Pericytes reside outside of capillary blood vessels. In the brain, pericytes, brain microvascular endothelial cells, and astrocytes form the neurovascular unit (NVU). A normally functioning NVU regulates cerebral blood flow and the permeability of the blood-brain-barrier (BBB). Breakdown of the NVU and dysfunction of the BBB are increasingly recognised early biomarkers of dementia, including Alzheimer’s disease. An isoform of Apolipoprotein E (APOE), namely APOE4, which is the strongest genetic risk factor for Alzheimer’s disease1, has a particular importance in BBB dysfunction compared to the E3 variant. Pericyte dysfunction has received increasing recognition in Alzheimer’s disease where pericytes contract capillaries and thus reduce cerebral blood flow, in a downstream response to amyloid-β2. However, pericytes in health and disease remain poorly understood, partially due to a lack of adequate models that can recapitulate the complexity of the multi-cellular NVU. The aim of this study is to investigate the effect of APOE4, compared to APOE3, on the contraction of human pericytes in vitro.

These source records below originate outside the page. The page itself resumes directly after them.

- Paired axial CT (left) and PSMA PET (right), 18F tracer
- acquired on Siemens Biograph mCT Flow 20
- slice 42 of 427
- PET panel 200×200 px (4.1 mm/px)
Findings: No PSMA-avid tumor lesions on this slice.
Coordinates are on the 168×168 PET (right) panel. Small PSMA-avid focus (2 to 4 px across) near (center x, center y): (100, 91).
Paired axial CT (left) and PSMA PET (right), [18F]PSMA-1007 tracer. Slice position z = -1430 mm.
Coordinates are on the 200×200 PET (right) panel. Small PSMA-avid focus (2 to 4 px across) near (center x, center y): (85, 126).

iPSCs from a donor diagnosed with Alzheimer’s disease carrying the APOE e4/e4 allele (UKBi011-A, EBiSC) as well as the isogenic control with the APOE e3/e3 isotype (UKBi011-A-3, EBiSC) were differentiated into pericytes3. Success of differentiation was confirmed by immuno-histochemistry of pericyte markers. The labelled calcium indicator Fluo4 was used to measure increase in fluorescence, thus increase in calcium release, within the iPSC-derived pericytes.
APOE3- and APOE4-pericytes stained positively for NG2, PDGFR-β, calponin, and SM22. Genomic sequencing confirmed the isoforms of APOE3 and APOE4. Fluo4 staining was used to observe calcium release, which was triggered by two known vasoconstrictors Endothelin-1 and U46619, the latter one being a thromboxane A2 receptor agonist. Calcium firing was observed for a period of at least 10 minutes. Change in cell area and calcium increase were quantified using an automated image analysis pipeline in CellProfiler.
These results suggest that functional pericyte-like cells were obtained and that their calcium release could be triggered. We will build on these findings to develop a robust model to study the effect of APOE4 on pericyte function and dysfunction in health and Alzheimer’s disease.
1. Blanchard J.W., et al., Nat Med. 26(6):952-963 (2020).
2. Nortley R., et al., Science 365(6450):eaav9518 (2019).
3. Faal T., et al., Stem Cell Reports. 2019;12(3):451-460 (2019)."